The committee was composed of experts involved in different aspects of pain management and opioid–use disorders. Among them was Jose A. Moron–Concepcion, PhD, an associate professor of anesthesiology at Washington University School of Medicine in St. Louis. He studies the emotional component of pain and opioid receptors that modulate the sensory component of pain and the negative emotions associated with it.

Each day, 90 individuals in the United States die from an overdose that involves an opioid. Trends indicate that premature deaths associated with the use of opioids are likely to climb and that opioid overdose and other opioid–related harms will dramatically reduce the quality of life for many people in years to come.

These are the key elements highlighted in the report:
  • Changing the culture of prescribing, partially through enhancing education for physicians and the general public.
  • Investing in treatment for the millions of individuals with opioid–use disorder and removing impediments to those treatments. Also, improving health–care provider education for opioid–use disorder.

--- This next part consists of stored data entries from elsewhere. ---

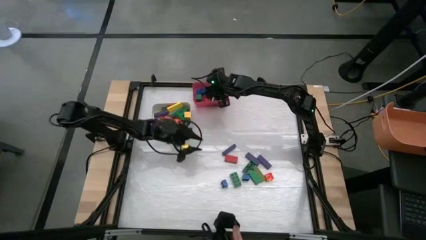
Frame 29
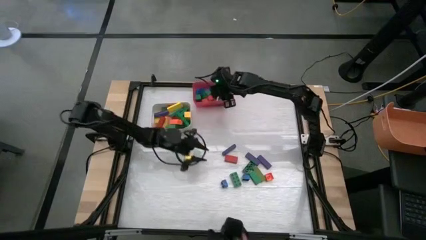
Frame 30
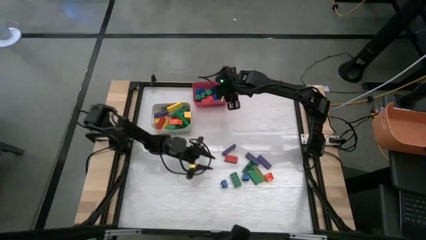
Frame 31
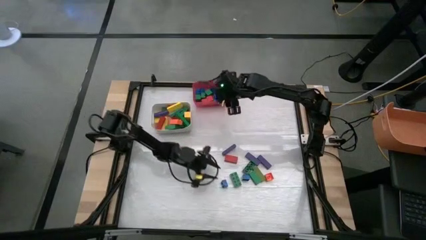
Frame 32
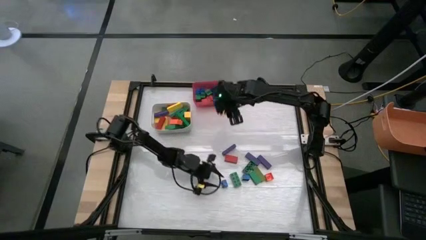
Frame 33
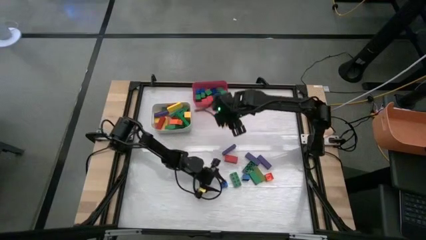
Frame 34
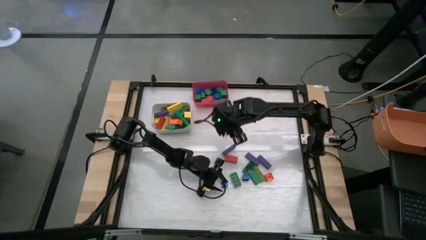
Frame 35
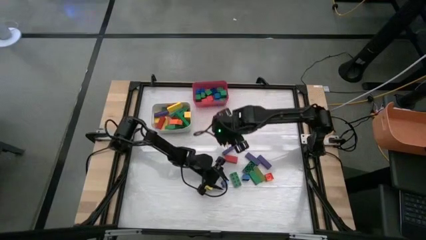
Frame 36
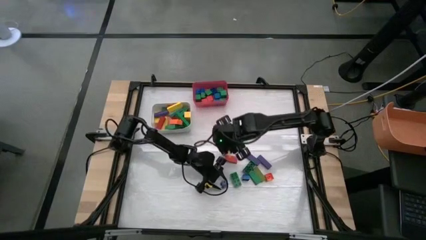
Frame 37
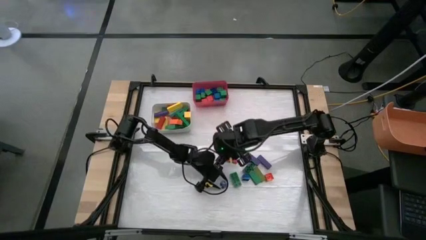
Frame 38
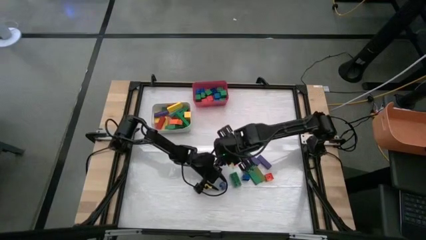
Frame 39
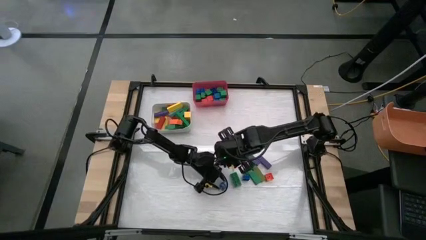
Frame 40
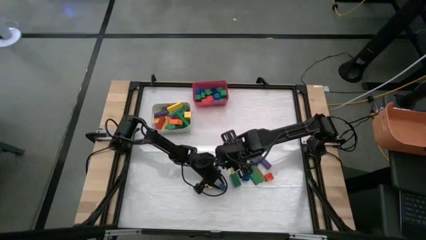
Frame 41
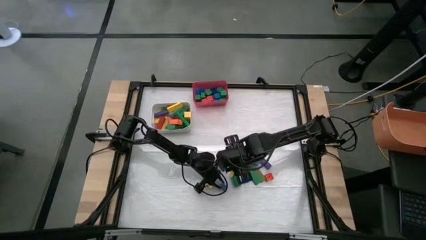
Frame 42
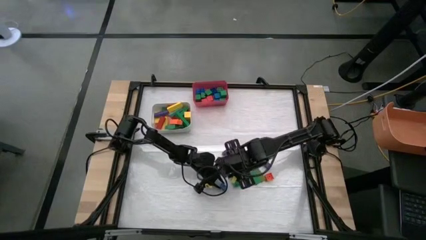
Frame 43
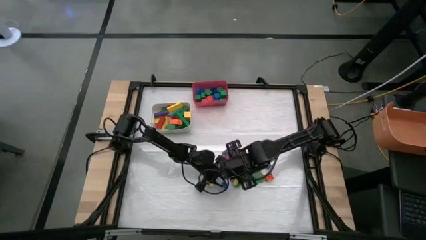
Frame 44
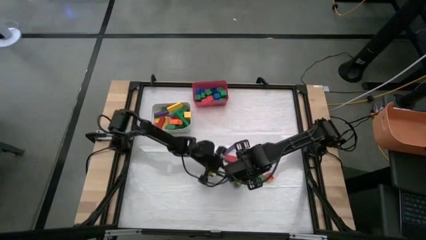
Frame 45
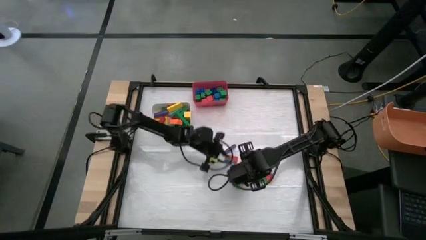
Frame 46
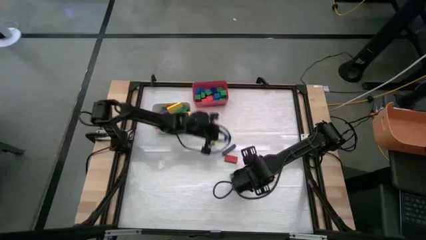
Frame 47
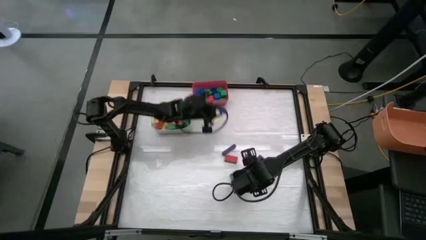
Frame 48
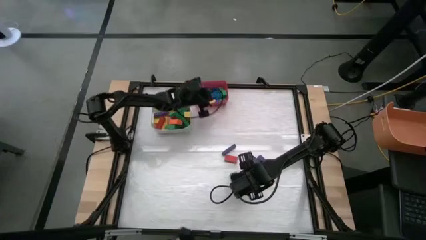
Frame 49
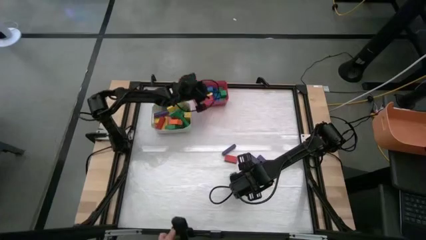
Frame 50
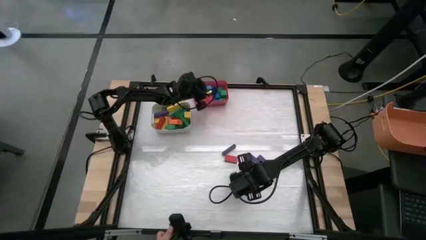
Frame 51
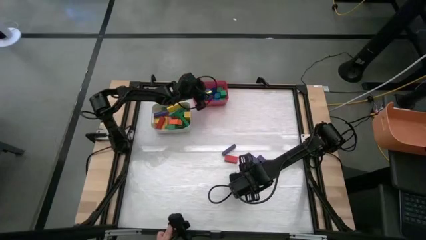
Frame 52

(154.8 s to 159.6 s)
Put the small blue game piece into the red bin

  • Preventing overdose deaths, including access to naloxone (also known by its brand name Narcan) and safer injection equipment.
  • Weighing societal impacts, not just an individual’s, regarding opioids, such as incorporating public health considerations into the FDA’s current framework for making regulatory decisions regarding opioids.
  • Investing in basic research, particularly to better understand the nature of pain and the neurobiology of the intersection between pain and opioid–use disorders. In addition, increasing the investment in developing nonaddictive alternatives to opioids for pain management.